Die Merkmale a, f und g legen für den Durchschnittsfachmann, einen Diplomingenieur (FH) der Fachrichtung Maschinenbau mit vertieften Kenntnissen in der Werkzeugmaschinentechnik, den Aufbau des patentgemäßen Bohr- und Fräswerks dahingehend fest, dass dieses für eine sogenannte Be- bzw. Verarbeitung "von der Stange" ausgebildet ist. Der Ausdruck "hindurchschieben" bestimmt die Ausgestaltung des Werkstückträgers in eindeutiger Weise dahingehend, dass er eine durchgehende Öffnung aufweisen muss, so dass eine Werkstoffstange von einer (rückwärtigen) auf die andere Seite geschoben werden kann. Die im Werkstückträger angeordnete Spanneinrichtung ermöglicht ein Festspannen, sobald ein vorderer Abschnitt der Werkstoffstange den Arbeitsbereich der Werkzeugspindel erreicht hat. Nach der Bearbeitung wird der vordere Abschnitt der Werkstoffstange von der Reststange abgetrennt, so dass auf diese Weise ein fertig bearbeitetes Werkstück "von der Stange" entsteht. Diese Vorgänge werden solange wiederholt, bis die gesamte Werkstoffreststange durch den Werkstückträger hindurchgeschoben und in mehrere einzelne Werkstücke verarbeitet worden ist.

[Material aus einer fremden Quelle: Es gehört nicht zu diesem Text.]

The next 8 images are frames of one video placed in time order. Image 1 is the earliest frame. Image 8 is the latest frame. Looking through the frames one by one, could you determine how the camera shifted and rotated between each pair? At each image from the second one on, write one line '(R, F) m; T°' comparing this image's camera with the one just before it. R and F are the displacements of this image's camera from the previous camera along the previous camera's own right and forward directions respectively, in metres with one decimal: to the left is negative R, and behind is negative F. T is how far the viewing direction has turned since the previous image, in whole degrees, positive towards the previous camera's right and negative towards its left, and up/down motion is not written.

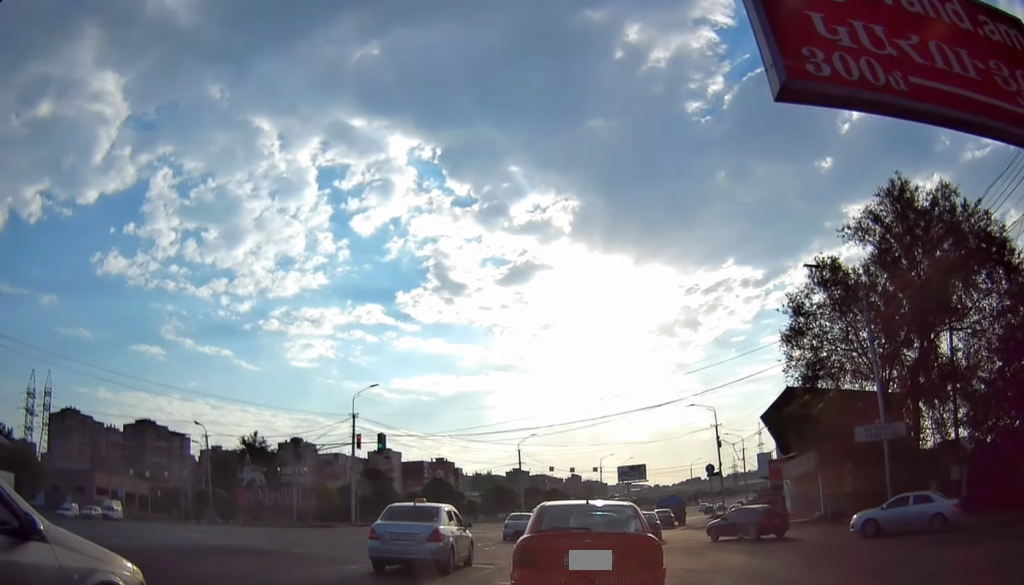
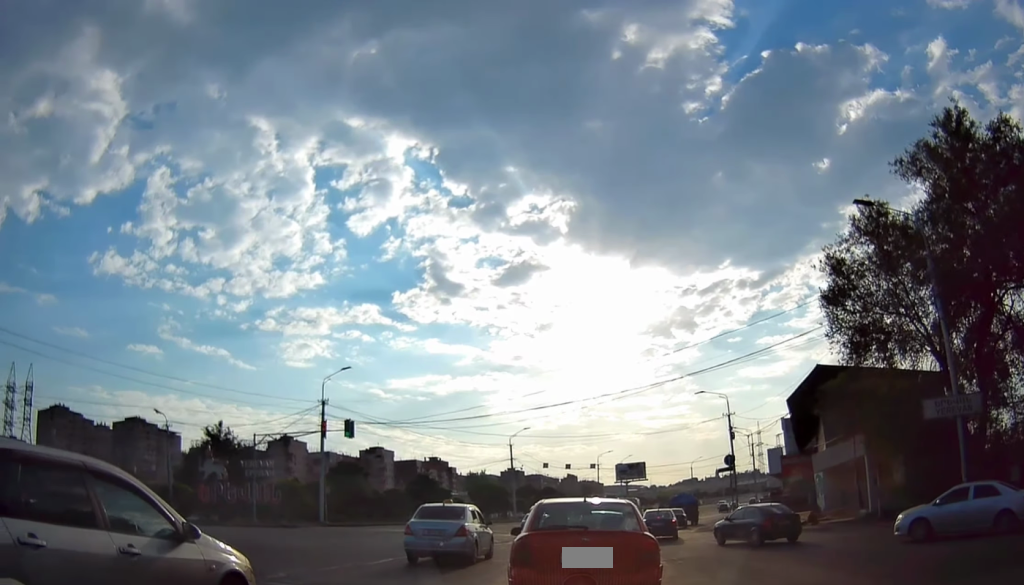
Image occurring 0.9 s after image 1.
(0.0, +6.8) m; 0°
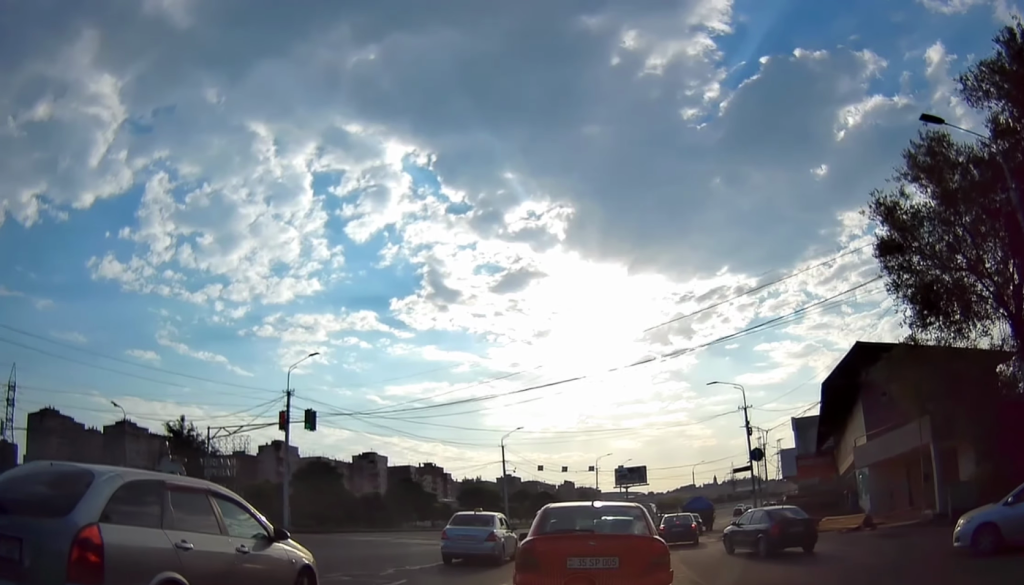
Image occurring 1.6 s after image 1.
(0.0, +6.5) m; +1°
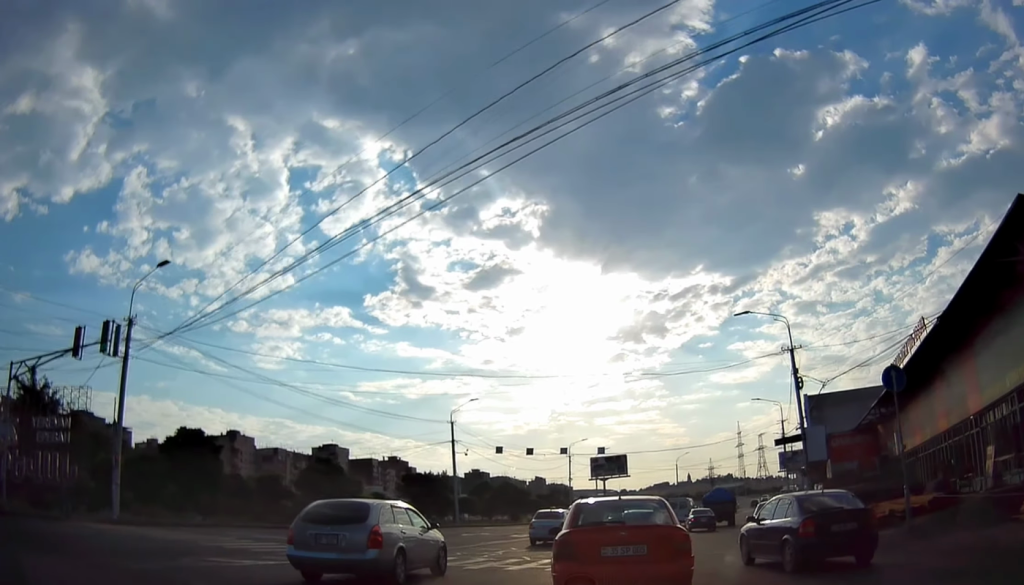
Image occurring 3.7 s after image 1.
(+1.3, +17.7) m; +4°
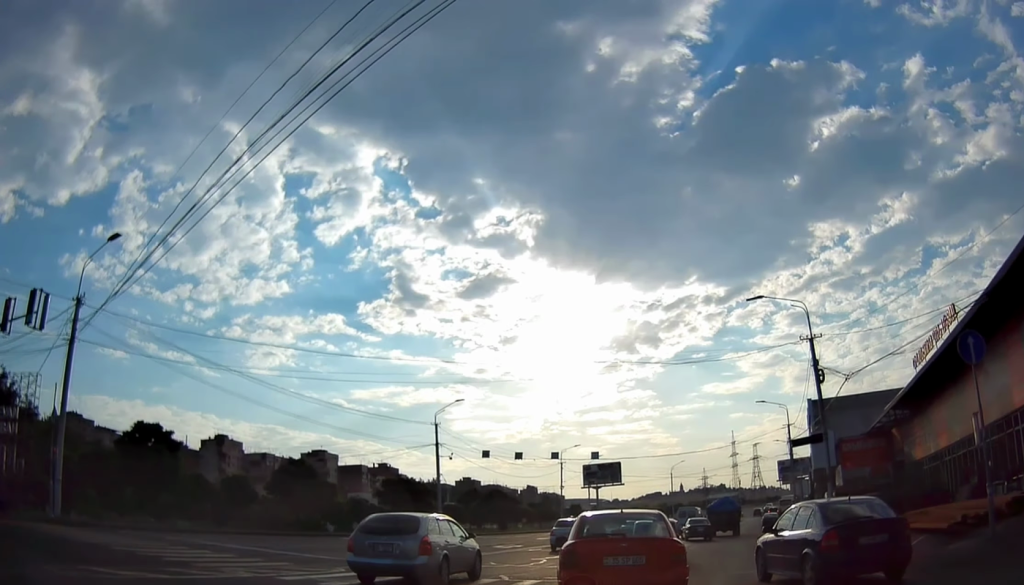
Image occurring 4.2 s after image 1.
(-0.3, +4.2) m; 0°
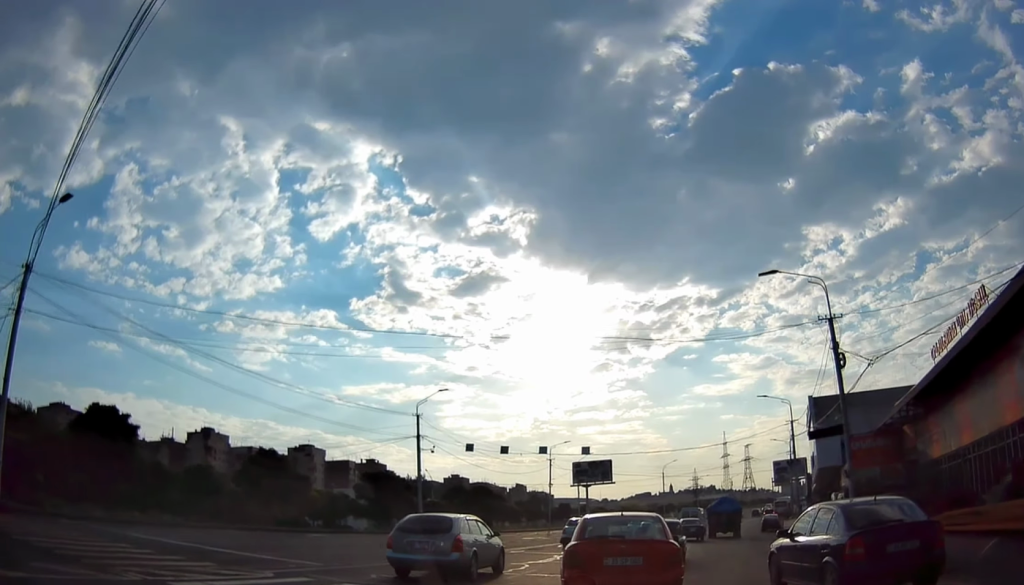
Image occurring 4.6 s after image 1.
(-0.2, +3.5) m; 0°
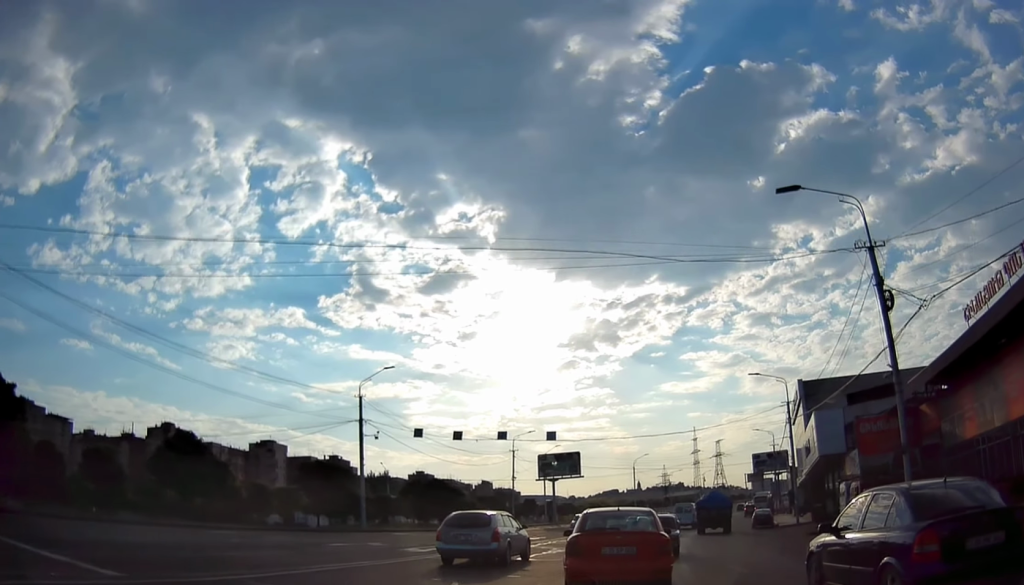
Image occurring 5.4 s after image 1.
(+0.4, +7.2) m; +6°
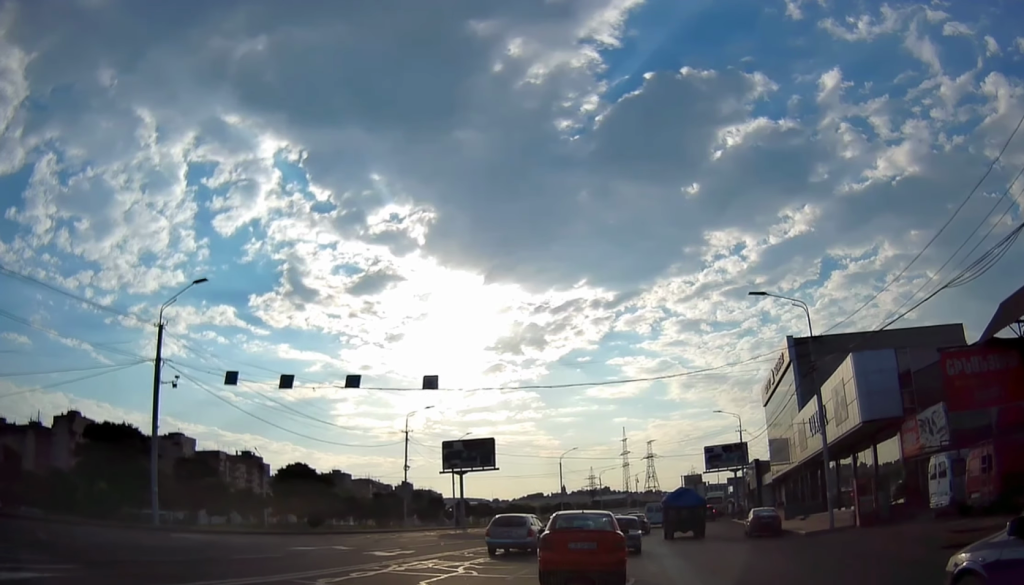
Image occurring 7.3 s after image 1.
(+1.4, +18.2) m; +5°

Das Merkmal h legt fest, dass beim Streitpatentgegenstand der Werkstückträger, zusätzlich zu einer Schwenkung um die Spannachse (Merkmal e) um eine weitere (normal zur Spann- und Spindelachse gerichtete) Achse schwenkbar ist, und zwar beidseitig um mindestens 90¡. Durch die mehrfache Verwendung des bestimmten Artikels "der" in Bezug auf den Werkstückträger ist im Patentanspruch 1 eindeutig festgeschrieben, dass der Streitpatentgegenstand nur einen einzigen Werkstückträger aufweist, der entsprechend der im Patentanspruch 1 aufgeführten Merkmale derart ausgebildet ist, dass durch ihn die Werkstoffstange hindurchschiebbar ist, der weiterhin die Spanneinrichtung für die Werkstoffstange aufweist und der zudem um zwei Achsen schwenkbar ist.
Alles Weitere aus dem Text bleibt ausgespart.